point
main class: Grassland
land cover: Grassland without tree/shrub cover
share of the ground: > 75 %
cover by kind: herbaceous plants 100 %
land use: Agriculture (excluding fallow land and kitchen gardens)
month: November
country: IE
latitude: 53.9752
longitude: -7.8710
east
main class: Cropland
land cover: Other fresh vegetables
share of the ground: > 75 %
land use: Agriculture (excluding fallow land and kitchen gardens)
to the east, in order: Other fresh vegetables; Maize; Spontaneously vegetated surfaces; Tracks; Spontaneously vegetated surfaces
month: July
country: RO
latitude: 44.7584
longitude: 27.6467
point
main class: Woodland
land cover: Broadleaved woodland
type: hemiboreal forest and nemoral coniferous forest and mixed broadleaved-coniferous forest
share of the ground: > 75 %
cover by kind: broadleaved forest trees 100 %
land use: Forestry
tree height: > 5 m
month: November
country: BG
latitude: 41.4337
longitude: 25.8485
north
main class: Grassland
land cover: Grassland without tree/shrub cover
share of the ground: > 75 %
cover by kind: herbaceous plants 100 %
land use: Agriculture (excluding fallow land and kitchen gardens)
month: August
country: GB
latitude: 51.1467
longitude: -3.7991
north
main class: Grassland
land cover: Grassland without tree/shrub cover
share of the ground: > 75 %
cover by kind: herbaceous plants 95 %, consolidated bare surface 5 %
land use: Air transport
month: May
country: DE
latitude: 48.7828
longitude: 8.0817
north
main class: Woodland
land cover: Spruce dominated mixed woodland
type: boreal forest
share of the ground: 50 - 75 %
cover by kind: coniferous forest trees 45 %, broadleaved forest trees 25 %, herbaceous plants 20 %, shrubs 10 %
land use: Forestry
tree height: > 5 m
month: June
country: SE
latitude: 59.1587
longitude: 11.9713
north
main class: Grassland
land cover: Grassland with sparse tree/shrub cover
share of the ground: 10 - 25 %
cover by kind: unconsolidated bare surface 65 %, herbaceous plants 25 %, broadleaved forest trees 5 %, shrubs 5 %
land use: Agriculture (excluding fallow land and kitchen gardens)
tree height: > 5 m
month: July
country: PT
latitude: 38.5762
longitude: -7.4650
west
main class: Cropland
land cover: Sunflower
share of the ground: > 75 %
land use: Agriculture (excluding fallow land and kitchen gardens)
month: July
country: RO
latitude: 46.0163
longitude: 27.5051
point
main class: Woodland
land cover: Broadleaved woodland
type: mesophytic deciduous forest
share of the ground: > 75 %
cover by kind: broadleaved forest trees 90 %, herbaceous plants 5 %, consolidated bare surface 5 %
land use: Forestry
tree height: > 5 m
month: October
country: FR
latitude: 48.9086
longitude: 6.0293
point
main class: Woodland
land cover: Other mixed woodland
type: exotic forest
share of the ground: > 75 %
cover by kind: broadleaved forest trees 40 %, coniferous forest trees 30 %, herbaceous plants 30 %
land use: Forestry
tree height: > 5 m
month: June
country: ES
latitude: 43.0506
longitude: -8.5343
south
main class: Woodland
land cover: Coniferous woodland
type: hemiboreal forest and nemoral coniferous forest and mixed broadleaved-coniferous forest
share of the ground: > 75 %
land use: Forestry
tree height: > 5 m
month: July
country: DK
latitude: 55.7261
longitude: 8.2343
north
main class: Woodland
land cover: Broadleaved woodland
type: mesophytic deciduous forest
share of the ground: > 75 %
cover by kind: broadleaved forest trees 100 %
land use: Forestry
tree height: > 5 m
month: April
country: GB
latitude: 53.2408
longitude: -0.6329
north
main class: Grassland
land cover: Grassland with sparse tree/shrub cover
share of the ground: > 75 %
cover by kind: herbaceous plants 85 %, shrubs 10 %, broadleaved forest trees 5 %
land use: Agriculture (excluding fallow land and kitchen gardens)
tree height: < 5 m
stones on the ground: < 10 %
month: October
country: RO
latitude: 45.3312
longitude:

^^^^

■ Your instructions
Your response should be the lines above from the first to the one containing "longitude: -7.4650", inclusive, each given exactly.

■ Solution for this task
point
main class: Grassland
land cover: Grassland without tree/shrub cover
share of the ground: > 75 %
cover by kind: herbaceous plants 100 %
land use: Agriculture (excluding fallow land and kitchen gardens)
month: November
country: IE
latitude: 53.9752
longitude: -7.8710
east
main class: Cropland
land cover: Other fresh vegetables
share of the ground: > 75 %
land use: Agriculture (excluding fallow land and kitchen gardens)
to the east, in order: Other fresh vegetables; Maize; Spontaneously vegetated surfaces; Tracks; Spontaneously vegetated surfaces
month: July
country: RO
latitude: 44.7584
longitude: 27.6467
point
main class: Woodland
land cover: Broadleaved woodland
type: hemiboreal forest and nemoral coniferous forest and mixed broadleaved-coniferous forest
share of the ground: > 75 %
cover by kind: broadleaved forest trees 100 %
land use: Forestry
tree height: > 5 m
month: November
country: BG
latitude: 41.4337
longitude: 25.8485
north
main class: Grassland
land cover: Grassland without tree/shrub cover
share of the ground: > 75 %
cover by kind: herbaceous plants 100 %
land use: Agriculture (excluding fallow land and kitchen gardens)
month: August
country: GB
latitude: 51.1467
longitude: -3.7991
north
main class: Grassland
land cover: Grassland without tree/shrub cover
share of the ground: > 75 %
cover by kind: herbaceous plants 95 %, consolidated bare surface 5 %
land use: Air transport
month: May
country: DE
latitude: 48.7828
longitude: 8.0817
north
main class: Woodland
land cover: Spruce dominated mixed woodland
type: boreal forest
share of the ground: 50 - 75 %
cover by kind: coniferous forest trees 45 %, broadleaved forest trees 25 %, herbaceous plants 20 %, shrubs 10 %
land use: Forestry
tree height: > 5 m
month: June
country: SE
latitude: 59.1587
longitude: 11.9713
north
main class: Grassland
land cover: Grassland with sparse tree/shrub cover
share of the ground: 10 - 25 %
cover by kind: unconsolidated bare surface 65 %, herbaceous plants 25 %, broadleaved forest trees 5 %, shrubs 5 %
land use: Agriculture (excluding fallow land and kitchen gardens)
tree height: > 5 m
month: July
country: PT
latitude: 38.5762
longitude: -7.4650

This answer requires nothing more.